### [Source information]
....

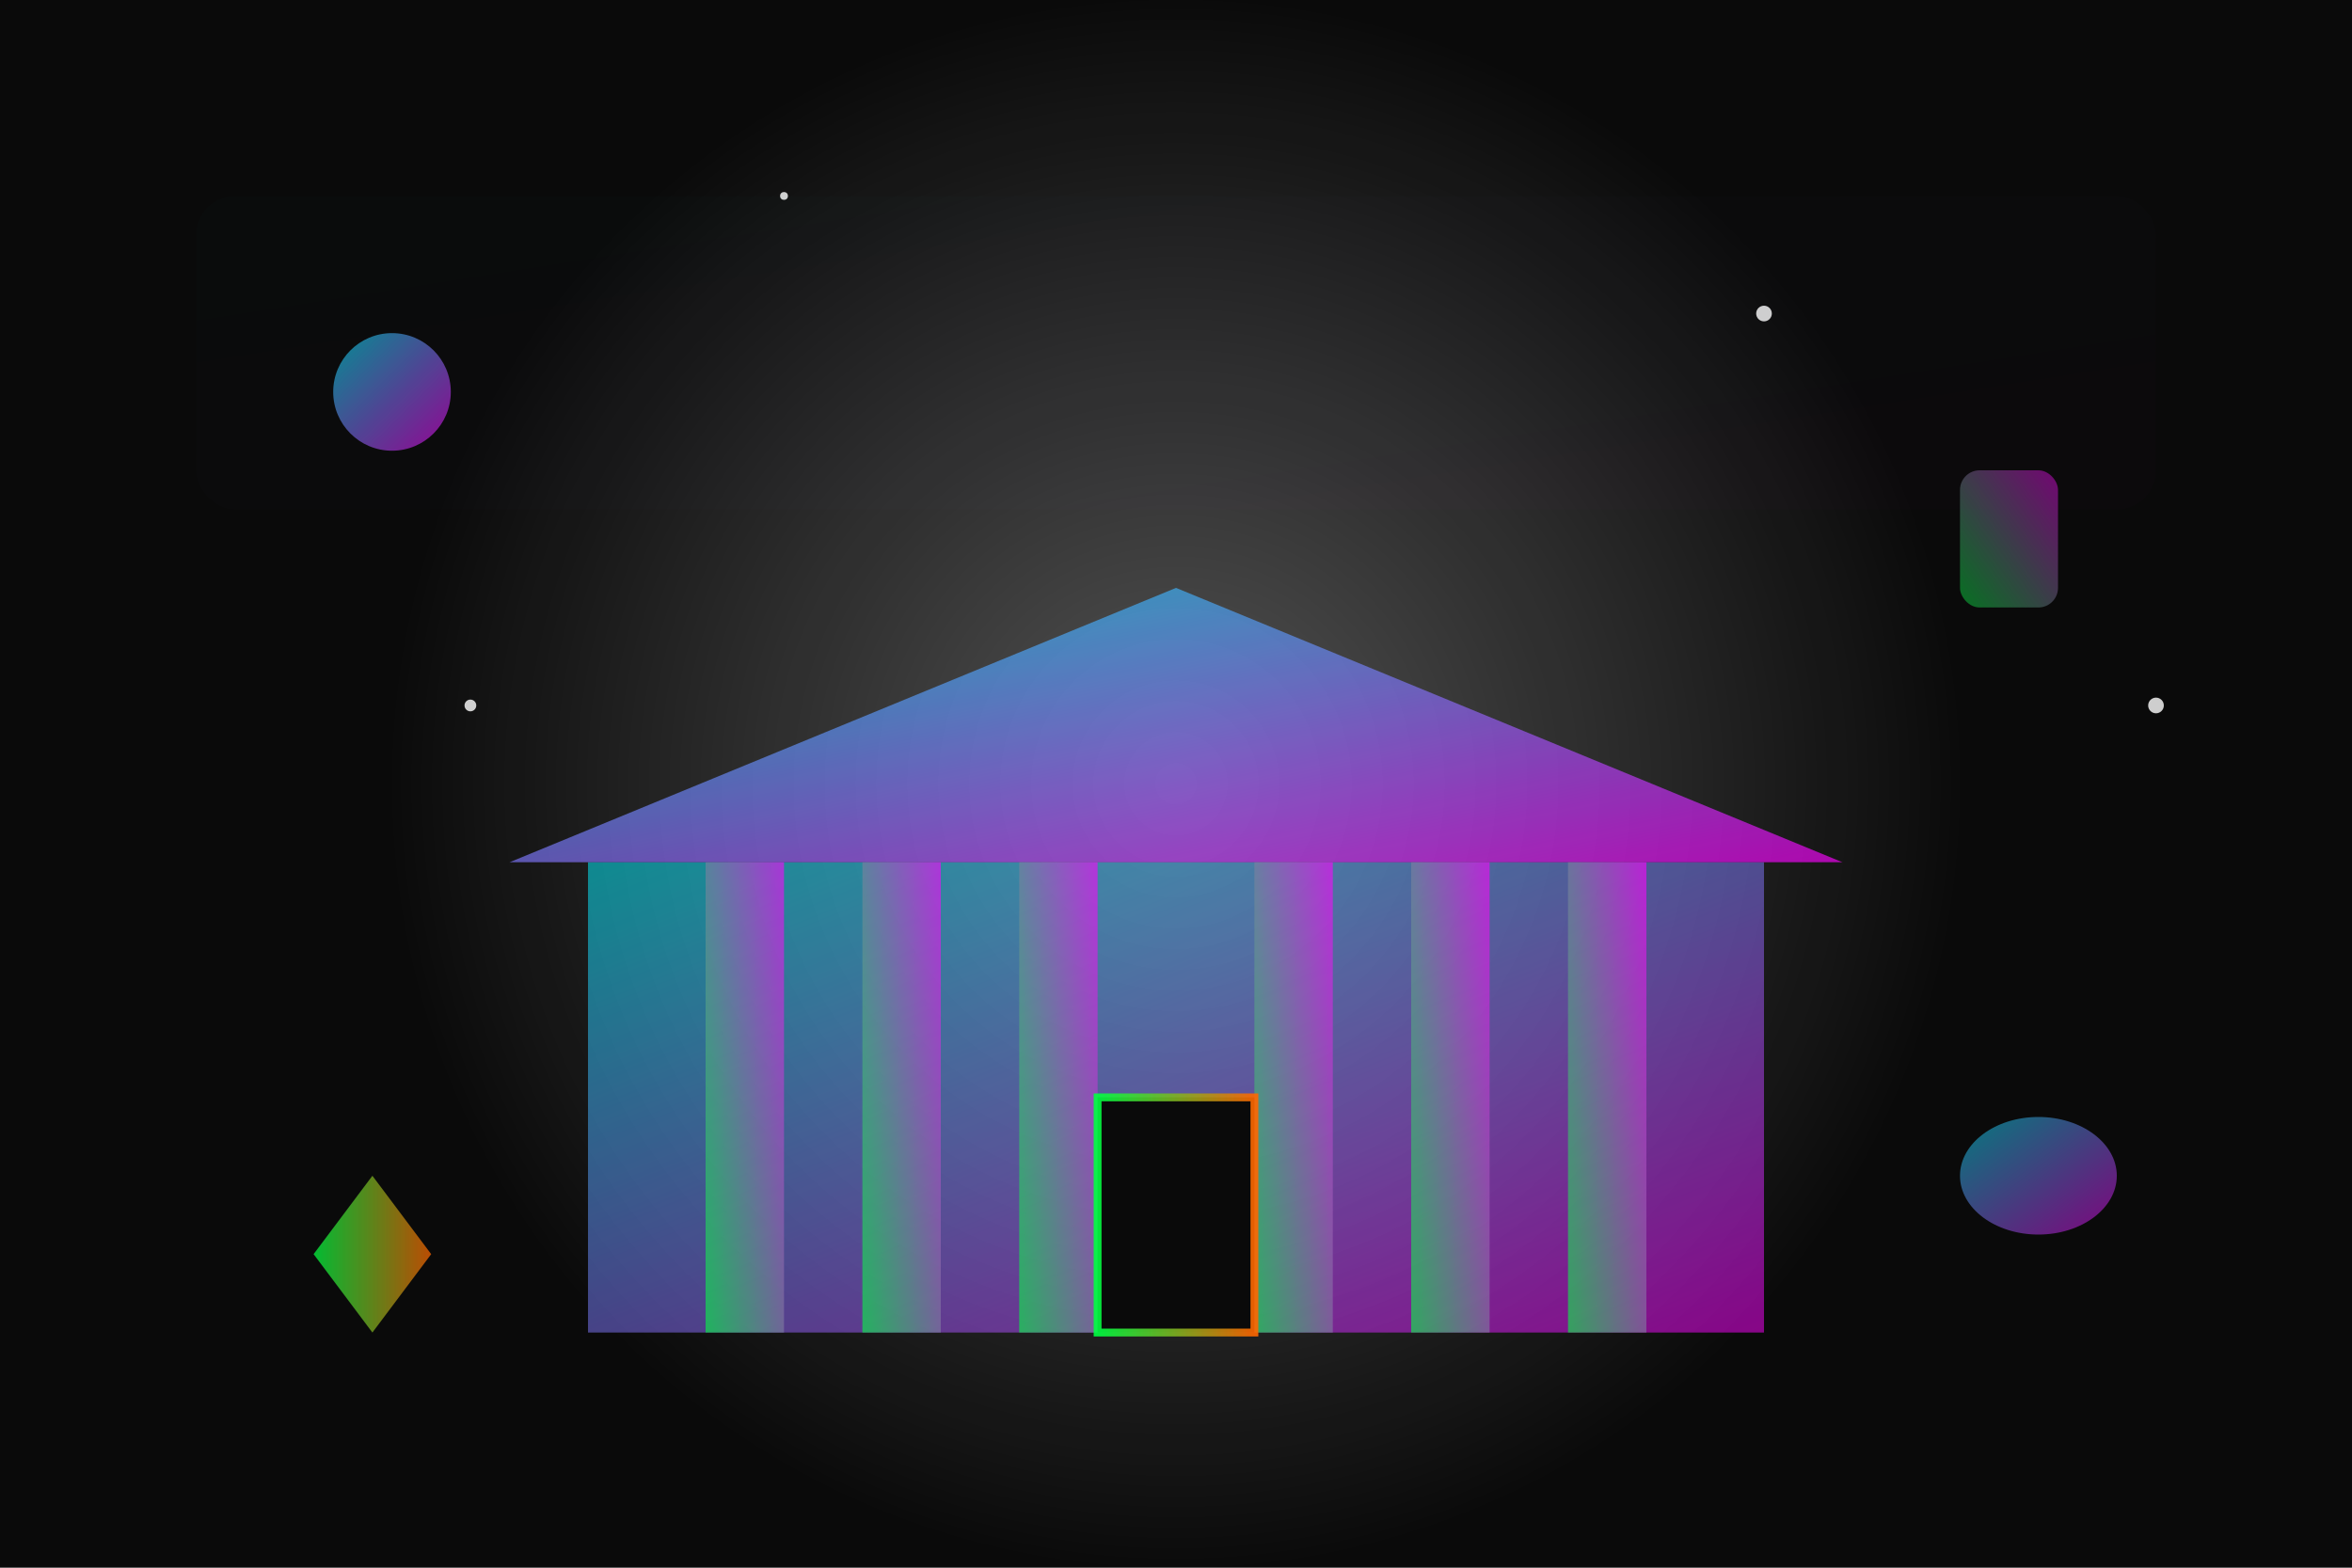 <svg xmlns="http://www.w3.org/2000/svg" width="600" height="400" viewBox="0 0 600 400">
  <defs>
    <linearGradient id="heroGrad1" x1="0%" y1="0%" x2="100%" y2="100%">
      <stop offset="0%" style="stop-color:#00f3ff;stop-opacity:0.8" />
      <stop offset="100%" style="stop-color:#ff00ff;stop-opacity:0.8" />
    </linearGradient>
    <linearGradient id="heroGrad2" x1="100%" y1="0%" x2="0%" y2="100%">
      <stop offset="0%" style="stop-color:#ff00ff;stop-opacity:0.6" />
      <stop offset="100%" style="stop-color:#00ff41;stop-opacity:0.6" />
    </linearGradient>
    <linearGradient id="heroGrad3" x1="0%" y1="50%" x2="100%" y2="50%">
      <stop offset="0%" style="stop-color:#00ff41;stop-opacity:0.9" />
      <stop offset="100%" style="stop-color:#ff6600;stop-opacity:0.9" />
    </linearGradient>
    <filter id="heroGlow">
      <feGaussianBlur stdDeviation="3" result="coloredBlur"/>
      <feMerge> 
        <feMergeNode in="coloredBlur"/>
        <feMergeNode in="SourceGraphic"/>
      </feMerge>
    </filter>
    <radialGradient id="centerGlow">
      <stop offset="0%" style="stop-color:#ffffff;stop-opacity:0.3" />
      <stop offset="100%" style="stop-color:#ffffff;stop-opacity:0" />
    </radialGradient>
  </defs>
  
  <!-- Background -->
  <rect width="600" height="400" fill="#0a0a0a"/>
  
  <!-- Center glow -->
  <circle cx="300" cy="200" r="200" fill="url(#centerGlow)"/>
  
  <!-- Museum building silhouette -->
  <rect x="150" y="220" width="300" height="120" fill="url(#heroGrad1)" filter="url(#heroGlow)" opacity="0.8"/>
  <polygon points="130,220 470,220 300,150" fill="url(#heroGrad1)" filter="url(#heroGlow)" opacity="0.9"/>
  
  <!-- Columns -->
  <rect x="180" y="220" width="20" height="120" fill="url(#heroGrad2)" filter="url(#heroGlow)"/>
  <rect x="220" y="220" width="20" height="120" fill="url(#heroGrad2)" filter="url(#heroGlow)"/>
  <rect x="260" y="220" width="20" height="120" fill="url(#heroGrad2)" filter="url(#heroGlow)"/>
  <rect x="320" y="220" width="20" height="120" fill="url(#heroGrad2)" filter="url(#heroGlow)"/>
  <rect x="360" y="220" width="20" height="120" fill="url(#heroGrad2)" filter="url(#heroGlow)"/>
  <rect x="400" y="220" width="20" height="120" fill="url(#heroGrad2)" filter="url(#heroGlow)"/>
  
  <!-- Entrance -->
  <rect x="280" y="280" width="40" height="60" fill="#0a0a0a" stroke="url(#heroGrad3)" stroke-width="2" filter="url(#heroGlow)"/>
  
  <!-- Art elements floating around -->
  <circle cx="100" cy="100" r="15" fill="url(#heroGrad1)" filter="url(#heroGlow)" opacity="0.7">
    <animate attributeName="cy" values="100;80;100" dur="3s" repeatCount="indefinite"/>
  </circle>
  
  <rect x="500" y="120" width="25" height="35" rx="5" fill="url(#heroGrad2)" filter="url(#heroGlow)" opacity="0.7">
    <animate attributeName="y" values="120;100;120" dur="4s" repeatCount="indefinite"/>
  </rect>
  
  <polygon points="80,320 95,300 110,320 95,340" fill="url(#heroGrad3)" filter="url(#heroGlow)" opacity="0.8">
    <animateTransform attributeName="transform" type="rotate" values="0 95 320;10 95 320;0 95 320" dur="5s" repeatCount="indefinite"/>
  </polygon>
  
  <ellipse cx="520" cy="300" rx="20" ry="15" fill="url(#heroGrad1)" filter="url(#heroGlow)" opacity="0.6">
    <animate attributeName="rx" values="20;25;20" dur="3.5s" repeatCount="indefinite"/>
  </ellipse>
  
  <!-- Stars/sparkles -->
  <g fill="#ffffff" opacity="0.8">
    <circle cx="450" cy="80" r="2" filter="url(#heroGlow)">
      <animate attributeName="opacity" values="0.8;0.3;0.8" dur="2s" repeatCount="indefinite"/>
    </circle>
    <circle cx="120" cy="180" r="1.5" filter="url(#heroGlow)">
      <animate attributeName="opacity" values="0.5;1;0.5" dur="2.5s" repeatCount="indefinite"/>
    </circle>
    <circle cx="550" cy="180" r="2" filter="url(#heroGlow)">
      <animate attributeName="opacity" values="0.3;0.9;0.3" dur="3s" repeatCount="indefinite"/>
    </circle>
    <circle cx="200" cy="50" r="1" filter="url(#heroGlow)">
      <animate attributeName="opacity" values="0.6;0.2;0.6" dur="1.8s" repeatCount="indefinite"/>
    </circle>
  </g>
  
  <!-- Title area glow -->
  <rect x="50" y="50" width="500" height="80" fill="url(#heroGrad1)" opacity="0.1" rx="10" filter="url(#heroGlow)"/>
</svg>

....

### [The problem]
Your answer must be a single number: the count of lines in these records that contain "attributeName".

### [Written response]
8